French actress Anais Demoustier (L)

A French incest "fairytale" brought a touch of scandal to the Cannes Film Festival Tuesday but even the frisson of illicit sex couldn't save the movie from a critical mauling.

"Marguerite and Julien", one of five French movies among the 19 contenders for the top prize at the world's biggest cinema showcase, tells the true story of aristocratic siblings in 16th century France whose deep love turns into physical passion when they reach adolescence.

French actress-turned-director Valerie Donzelli said she was attracted to the bohemian spirit of the story, adapted from an unrealised screenplay by Jean Gruault, who wrote it in the 1970s for French New Wave icon Francois Truffaut.

Flouting religion, the law and their family, the star-crossed lovers run away together from the chateau of their childhood, and Marguerite quickly gets pregnant.

But the authorities soon catch up with them with arrest warrants for a capital crime. When their father appeals to the king's secretary of state for clemency, he refuses on image grounds: "All of Europe says the French court is a whorehouse."   
Donzelli tells the once-upon-a-time story with a childlike innocence, narrated by latter-day girls in an orphanage breathlessly telling the scandalous tale.

"The idea was to depict Marguerite and Julien like a myth or a legend -- they were like rock stars who fascinated these orphans," she said.

"The film needed to be dealt with in that manner so we had the idea of telling the fairytale to these young children."

Donzelli also weaves in anachronistic elements such as police helicopters, electronics and blaring pop music -- reminiscent of Sofia Coppola's "Marie Antoinette", which was also panned by Cannes critics when it opened the festival in 2006.

However the reaction to "Marguerite and Julien" has proved far more vicious.

- 'Buttock-clenchingly embarrassing' -

Film industry bible Variety remarked drolly that "incest has never felt so cloying".

"The film is a painfully silly, laughably naive Romance with a capital 'R'," reviewer Jay Weissberg said.

Reviewer Peter Bradshaw of London's The Guardian newspaper said the movie "joins the ranks of Cannes' most appallingly bad films", calling it "buttock-clenchingly embarrassing".

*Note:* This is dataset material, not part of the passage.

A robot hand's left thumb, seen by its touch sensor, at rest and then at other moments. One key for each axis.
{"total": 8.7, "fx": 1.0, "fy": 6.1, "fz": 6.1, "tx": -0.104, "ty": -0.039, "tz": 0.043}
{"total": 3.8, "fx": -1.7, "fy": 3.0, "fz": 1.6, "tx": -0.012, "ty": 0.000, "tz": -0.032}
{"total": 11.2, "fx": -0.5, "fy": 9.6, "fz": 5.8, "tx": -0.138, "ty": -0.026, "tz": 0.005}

"There are turkeys and there are turkeys. This is a turkey de luxe, with stuffing, bread sauce, and a paper hat," he said.
"It is strange that Cannes will keep on mystifyingly offering us terrible movies from its home turf or home team."

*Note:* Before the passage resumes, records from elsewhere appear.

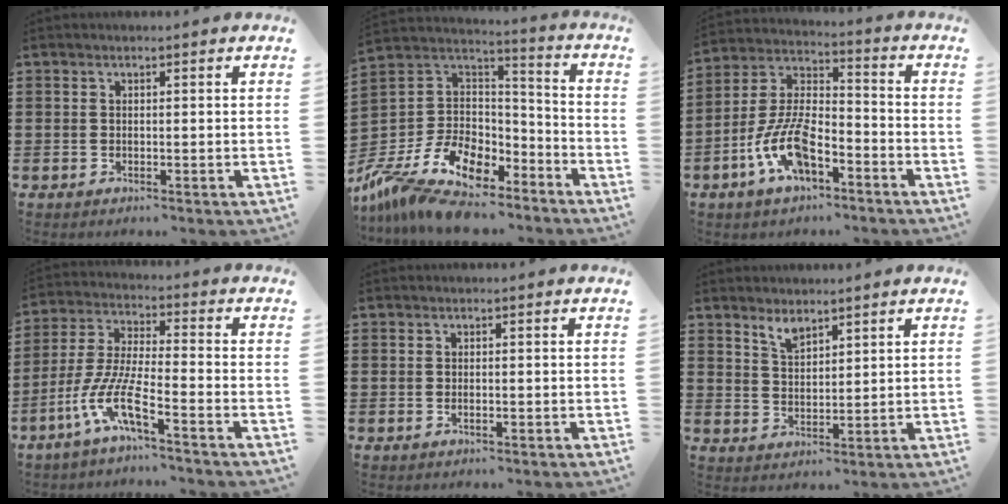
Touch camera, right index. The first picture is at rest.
{"total": 13.2, "force": [-8.9, 7.3, 6.5], "torque": [-0.150, 0.020, -0.158]}
{"total": 10.4, "force": [-5.6, 4.7, 7.4], "torque": [-0.177, 0.000, -0.111]}
{"total": 9.0, "force": [-5.6, 1.2, 7.0], "torque": [-0.178, -0.020, -0.117]}
{"total": 0.6, "force": [-0.2, 0.1, 0.6], "torque": [-0.013, -0.005, -0.003]}
{"total": 3.0, "force": [2.5, 1.2, 1.1], "torque": [-0.029, 0.002, 0.047]}

Trade magazine The Hollywood Reporter called it "bonkers" in style and "rather odd" that the sex between siblings was not presented as "problematic in any way", even when told as a children's story.

"Only in France," it concluded.

French newspaper L'Express admitted the film was likely to divide critics but hailed "the uniqueness of (Donzelli's) vision and tone -- never affected but ceaselessly inventive".

Most of the French films in competition this year have drawn only mixed reviews.

However the biggest competition flop at the festival so far has been the US movie "The Sea of Trees", a far-fetched existential drama directed by Gus Van Sant and starring Matthew McConaughey and Naomi Watts. It was loudly booed at its press previews.

Cannes tends to revel in scandal and has another sure-fire provocation in the offing later this week.  

Gaspar Noe, an Argentinian-born director who works in France will be showing his movie "Love" -- suggested to be heavily pornographic, based on an X-rated poster he released online -- in a midnight screening.

The festival wraps up Sunday with a gala awards ceremony where a jury led by US filmmakers Joel and Ethan Coen will decide the Cannes prizes.